● **ASSIGNED TASK**
Reproduce all of the data exactly as written.

● **INFORMATION PROVIDED**
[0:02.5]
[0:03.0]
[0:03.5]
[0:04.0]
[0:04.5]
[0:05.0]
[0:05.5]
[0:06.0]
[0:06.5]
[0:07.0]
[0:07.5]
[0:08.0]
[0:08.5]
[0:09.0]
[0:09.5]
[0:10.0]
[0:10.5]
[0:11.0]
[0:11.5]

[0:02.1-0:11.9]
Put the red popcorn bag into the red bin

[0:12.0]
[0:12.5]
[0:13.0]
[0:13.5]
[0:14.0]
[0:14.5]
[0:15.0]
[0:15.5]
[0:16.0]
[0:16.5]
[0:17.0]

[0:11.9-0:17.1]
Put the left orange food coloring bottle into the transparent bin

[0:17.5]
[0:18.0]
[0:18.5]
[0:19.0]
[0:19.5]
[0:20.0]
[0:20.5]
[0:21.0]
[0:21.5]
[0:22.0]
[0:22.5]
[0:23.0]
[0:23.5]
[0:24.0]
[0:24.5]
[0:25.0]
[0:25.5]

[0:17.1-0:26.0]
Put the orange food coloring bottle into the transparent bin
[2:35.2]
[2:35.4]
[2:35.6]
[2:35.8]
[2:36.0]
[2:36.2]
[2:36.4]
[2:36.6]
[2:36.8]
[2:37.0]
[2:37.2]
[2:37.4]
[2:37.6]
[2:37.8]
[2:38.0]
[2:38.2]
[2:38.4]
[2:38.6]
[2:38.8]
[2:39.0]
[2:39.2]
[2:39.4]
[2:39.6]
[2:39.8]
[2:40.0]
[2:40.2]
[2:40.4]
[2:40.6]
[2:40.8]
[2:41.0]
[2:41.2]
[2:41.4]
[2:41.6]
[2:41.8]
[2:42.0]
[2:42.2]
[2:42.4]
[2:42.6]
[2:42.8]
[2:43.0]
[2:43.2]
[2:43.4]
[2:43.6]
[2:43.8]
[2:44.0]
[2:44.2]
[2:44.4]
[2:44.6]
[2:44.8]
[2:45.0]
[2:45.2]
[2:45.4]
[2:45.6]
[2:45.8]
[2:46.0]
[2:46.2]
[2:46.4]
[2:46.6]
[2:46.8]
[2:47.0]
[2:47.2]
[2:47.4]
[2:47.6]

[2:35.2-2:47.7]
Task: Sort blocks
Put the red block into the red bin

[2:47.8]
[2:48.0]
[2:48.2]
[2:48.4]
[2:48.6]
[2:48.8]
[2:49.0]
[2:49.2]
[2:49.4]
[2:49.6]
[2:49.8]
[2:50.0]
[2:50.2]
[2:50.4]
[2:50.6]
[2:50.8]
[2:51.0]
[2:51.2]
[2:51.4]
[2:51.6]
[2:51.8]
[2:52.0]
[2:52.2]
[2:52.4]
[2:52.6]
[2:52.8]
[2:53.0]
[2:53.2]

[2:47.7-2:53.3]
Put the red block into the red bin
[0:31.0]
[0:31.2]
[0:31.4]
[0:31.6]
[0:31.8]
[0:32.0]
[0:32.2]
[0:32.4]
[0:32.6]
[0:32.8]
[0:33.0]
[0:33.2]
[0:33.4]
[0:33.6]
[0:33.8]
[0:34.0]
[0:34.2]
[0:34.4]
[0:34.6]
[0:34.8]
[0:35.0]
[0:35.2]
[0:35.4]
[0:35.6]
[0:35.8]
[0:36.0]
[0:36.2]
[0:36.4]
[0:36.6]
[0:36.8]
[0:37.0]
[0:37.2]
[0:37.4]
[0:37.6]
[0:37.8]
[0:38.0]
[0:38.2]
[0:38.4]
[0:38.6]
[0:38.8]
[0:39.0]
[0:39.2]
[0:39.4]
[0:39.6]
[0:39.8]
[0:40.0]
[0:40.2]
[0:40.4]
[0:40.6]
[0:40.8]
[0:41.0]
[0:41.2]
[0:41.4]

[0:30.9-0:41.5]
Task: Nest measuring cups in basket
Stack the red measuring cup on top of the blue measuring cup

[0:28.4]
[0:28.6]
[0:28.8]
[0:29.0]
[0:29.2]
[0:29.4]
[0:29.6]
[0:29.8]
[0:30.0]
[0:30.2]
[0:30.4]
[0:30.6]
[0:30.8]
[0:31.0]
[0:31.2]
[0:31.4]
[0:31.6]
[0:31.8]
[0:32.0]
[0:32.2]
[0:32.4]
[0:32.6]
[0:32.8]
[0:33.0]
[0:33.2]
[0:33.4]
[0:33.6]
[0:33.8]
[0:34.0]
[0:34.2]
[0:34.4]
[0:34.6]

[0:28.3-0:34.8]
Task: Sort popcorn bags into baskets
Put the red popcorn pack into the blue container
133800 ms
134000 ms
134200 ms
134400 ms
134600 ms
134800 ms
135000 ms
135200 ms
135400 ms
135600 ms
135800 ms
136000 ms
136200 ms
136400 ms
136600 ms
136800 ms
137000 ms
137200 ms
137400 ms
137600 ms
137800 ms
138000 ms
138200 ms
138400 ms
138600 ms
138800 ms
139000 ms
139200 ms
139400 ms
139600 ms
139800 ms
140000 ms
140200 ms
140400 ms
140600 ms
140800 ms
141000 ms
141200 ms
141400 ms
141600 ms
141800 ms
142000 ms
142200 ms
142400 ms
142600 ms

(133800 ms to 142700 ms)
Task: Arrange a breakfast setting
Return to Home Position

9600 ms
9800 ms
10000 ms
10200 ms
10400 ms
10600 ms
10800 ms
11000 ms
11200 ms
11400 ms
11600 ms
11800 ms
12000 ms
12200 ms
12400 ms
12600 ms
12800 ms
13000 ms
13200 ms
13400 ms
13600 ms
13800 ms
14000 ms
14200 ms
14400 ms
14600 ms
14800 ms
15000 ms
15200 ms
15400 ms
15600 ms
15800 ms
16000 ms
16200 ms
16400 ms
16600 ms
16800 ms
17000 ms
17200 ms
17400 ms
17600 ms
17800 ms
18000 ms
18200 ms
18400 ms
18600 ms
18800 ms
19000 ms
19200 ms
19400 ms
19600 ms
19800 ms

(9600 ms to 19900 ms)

● **COMPLETED TASK**
[0:02.5]
[0:03.0]
[0:03.5]
[0:04.0]
[0:04.5]
[0:05.0]
[0:05.5]
[0:06.0]
[0:06.5]
[0:07.0]
[0:07.5]
[0:08.0]
[0:08.5]
[0:09.0]
[0:09.5]
[0:10.0]
[0:10.5]
[0:11.0]
[0:11.5]

[0:02.1-0:11.9]
Put the red popcorn bag into the red bin

[0:12.0]
[0:12.5]
[0:13.0]
[0:13.5]
[0:14.0]
[0:14.5]
[0:15.0]
[0:15.5]
[0:16.0]
[0:16.5]
[0:17.0]

[0:11.9-0:17.1]
Put the left orange food coloring bottle into the transparent bin

[0:17.5]
[0:18.0]
[0:18.5]
[0:19.0]
[0:19.5]
[0:20.0]
[0:20.5]
[0:21.0]
[0:21.5]
[0:22.0]
[0:22.5]
[0:23.0]
[0:23.5]
[0:24.0]
[0:24.5]
[0:25.0]
[0:25.5]

[0:17.1-0:26.0]
Put the orange food coloring bottle into the transparent bin
[2:35.2]
[2:35.4]
[2:35.6]
[2:35.8]
[2:36.0]
[2:36.2]
[2:36.4]
[2:36.6]
[2:36.8]
[2:37.0]
[2:37.2]
[2:37.4]
[2:37.6]
[2:37.8]
[2:38.0]
[2:38.2]
[2:38.4]
[2:38.6]
[2:38.8]
[2:39.0]
[2:39.2]
[2:39.4]
[2:39.6]
[2:39.8]
[2:40.0]
[2:40.2]
[2:40.4]
[2:40.6]
[2:40.8]
[2:41.0]
[2:41.2]
[2:41.4]
[2:41.6]
[2:41.8]
[2:42.0]
[2:42.2]
[2:42.4]
[2:42.6]
[2:42.8]
[2:43.0]
[2:43.2]
[2:43.4]
[2:43.6]
[2:43.8]
[2:44.0]
[2:44.2]
[2:44.4]
[2:44.6]
[2:44.8]
[2:45.0]
[2:45.2]
[2:45.4]
[2:45.6]
[2:45.8]
[2:46.0]
[2:46.2]
[2:46.4]
[2:46.6]
[2:46.8]
[2:47.0]
[2:47.2]
[2:47.4]
[2:47.6]

[2:35.2-2:47.7]
Task: Sort blocks
Put the red block into the red bin

[2:47.8]
[2:48.0]
[2:48.2]
[2:48.4]
[2:48.6]
[2:48.8]
[2:49.0]
[2:49.2]
[2:49.4]
[2:49.6]
[2:49.8]
[2:50.0]
[2:50.2]
[2:50.4]
[2:50.6]
[2:50.8]
[2:51.0]
[2:51.2]
[2:51.4]
[2:51.6]
[2:51.8]
[2:52.0]
[2:52.2]
[2:52.4]
[2:52.6]
[2:52.8]
[2:53.0]
[2:53.2]

[2:47.7-2:53.3]
Put the red block into the red bin
[0:31.0]
[0:31.2]
[0:31.4]
[0:31.6]
[0:31.8]
[0:32.0]
[0:32.2]
[0:32.4]
[0:32.6]
[0:32.8]
[0:33.0]
[0:33.2]
[0:33.4]
[0:33.6]
[0:33.8]
[0:34.0]
[0:34.2]
[0:34.4]
[0:34.6]
[0:34.8]
[0:35.0]
[0:35.2]
[0:35.4]
[0:35.6]
[0:35.8]
[0:36.0]
[0:36.2]
[0:36.4]
[0:36.6]
[0:36.8]
[0:37.0]
[0:37.2]
[0:37.4]
[0:37.6]
[0:37.8]
[0:38.0]
[0:38.2]
[0:38.4]
[0:38.6]
[0:38.8]
[0:39.0]
[0:39.2]
[0:39.4]
[0:39.6]
[0:39.8]
[0:40.0]
[0:40.2]
[0:40.4]
[0:40.6]
[0:40.8]
[0:41.0]
[0:41.2]
[0:41.4]

[0:30.9-0:41.5]
Task: Nest measuring cups in basket
Stack the red measuring cup on top of the blue measuring cup

[0:28.4]
[0:28.6]
[0:28.8]
[0:29.0]
[0:29.2]
[0:29.4]
[0:29.6]
[0:29.8]
[0:30.0]
[0:30.2]
[0:30.4]
[0:30.6]
[0:30.8]
[0:31.0]
[0:31.2]
[0:31.4]
[0:31.6]
[0:31.8]
[0:32.0]
[0:32.2]
[0:32.4]
[0:32.6]
[0:32.8]
[0:33.0]
[0:33.2]
[0:33.4]
[0:33.6]
[0:33.8]
[0:34.0]
[0:34.2]
[0:34.4]
[0:34.6]

[0:28.3-0:34.8]
Task: Sort popcorn bags into baskets
Put the red popcorn pack into the blue container
133800 ms
134000 ms
134200 ms
134400 ms
134600 ms
134800 ms
135000 ms
135200 ms
135400 ms
135600 ms
135800 ms
136000 ms
136200 ms
136400 ms
136600 ms
136800 ms
137000 ms
137200 ms
137400 ms
137600 ms
137800 ms
138000 ms
138200 ms
138400 ms
138600 ms
138800 ms
139000 ms
139200 ms
139400 ms
139600 ms
139800 ms
140000 ms
140200 ms
140400 ms
140600 ms
140800 ms
141000 ms
141200 ms
141400 ms
141600 ms
141800 ms
142000 ms
142200 ms
142400 ms
142600 ms

(133800 ms to 142700 ms)
Task: Arrange a breakfast setting
Return to Home Position

9600 ms
9800 ms
10000 ms
10200 ms
10400 ms
10600 ms
10800 ms
11000 ms
11200 ms
11400 ms
11600 ms
11800 ms
12000 ms
12200 ms
12400 ms
12600 ms
12800 ms
13000 ms
13200 ms
13400 ms
13600 ms
13800 ms
14000 ms
14200 ms
14400 ms
14600 ms
14800 ms
15000 ms
15200 ms
15400 ms
15600 ms
15800 ms
16000 ms
16200 ms
16400 ms
16600 ms
16800 ms
17000 ms
17200 ms
17400 ms
17600 ms
17800 ms
18000 ms
18200 ms
18400 ms
18600 ms
18800 ms
19000 ms
19200 ms
19400 ms
19600 ms
19800 ms

(9600 ms to 19900 ms)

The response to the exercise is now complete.